# LED hide aways?



## WOODY367 (Dec 19, 2002)

Does anyone have the Whelen LED hide aways? How are they? Bright? worth the money? Thinking of the for my F250. I don't care for strobes when its snowing, the light reflex to much and give me a head ache.


----------



## DodgeGuy (Mar 9, 2007)

I do not have them, but have seen them, they are bright, well worth the money.

Let me see if I can find a video of them.


----------



## DodgeGuy (Mar 9, 2007)

Here is a video of them in action, not my vehicle.


----------



## 02DURAMAX (Dec 27, 2006)

DodgeGuy;473298 said:


> Here is a video of them in action, not my vehicle.


That looks Great!!!!....looks very nice and bright!!


----------



## ultimate plow (Jul 2, 2002)

only downfall with them is a 2 head kit is $200+


----------



## DodgeGuy (Mar 9, 2007)

ultimate plow;473517 said:


> only downfall with them is a 2 head kit is $200+


Yep, that and the fact that these are still getting to dealers, so availability is a little sketchy.

I should also note that I know of one installer who does state contracts for police cruisers, that will be switching to these LED haws in just about every vehicle they upfit as they are very impressed with them and shine better than the strobes. They made a comparison video of the two. I'll see if I can find that also.


----------



## Wesley's Lawn (Sep 18, 2002)

Heres is a comparison, don't know if this was the one you were referring to.


----------



## sharpcutlc (Dec 28, 2003)

I have the new nova l.e.d hideaways the w600"s in my reverse lights on my 08 250 and all i can say is amazing. much smaller than the whelen and just as bright. got them from aw direct. They dont produce any heat and the power supply's are built in to the wire. VERRRRYYY BRIGHT


----------



## DodgeGuy (Mar 9, 2007)

Wesley's Lawn;482772 said:


> Heres is a comparison, don't know if this was the one you were referring to.

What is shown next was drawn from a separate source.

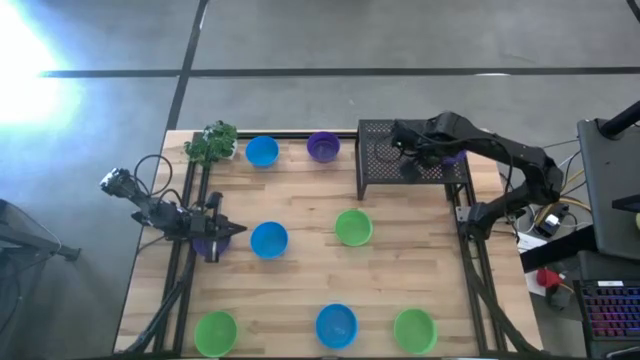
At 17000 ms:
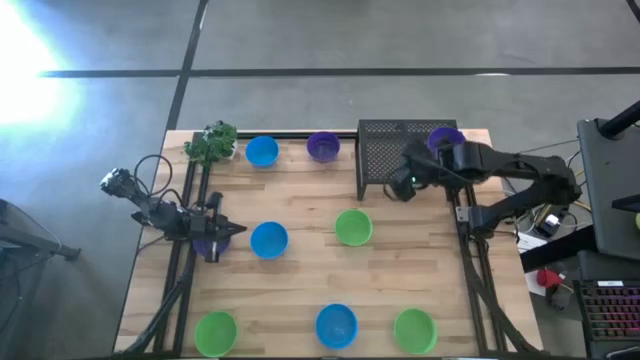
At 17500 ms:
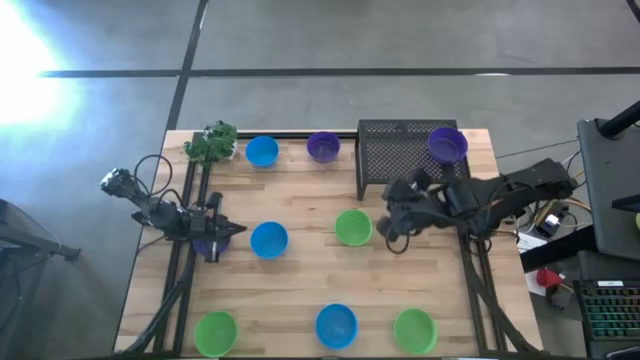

That would be the one I was refering to. Thanks for finding it.


----------



## WOODY367 (Dec 19, 2002)

I want to get them but like stated the cost. I know someone the works for a Whelen dealer he is going to see what he can do on the price. Hope its good.


----------



## OSLIGHTS (Dec 27, 2007)

Yes, the 2 head LED kit is $400 retail for white, $419.00 for amber. Wholesale is 40% off of that, prpbably will not find any dealer doing below the 40% off. They are extremely bright, even better that the strobes, IMO. They are very cool, as they have 84 patterns, including some where the individual bulbs do the rotator pattern. The best part is low power draw and a 5 year warranty!


----------



## MightySal (Jan 5, 2008)

If you haven't bought your lights yet try LSH lights.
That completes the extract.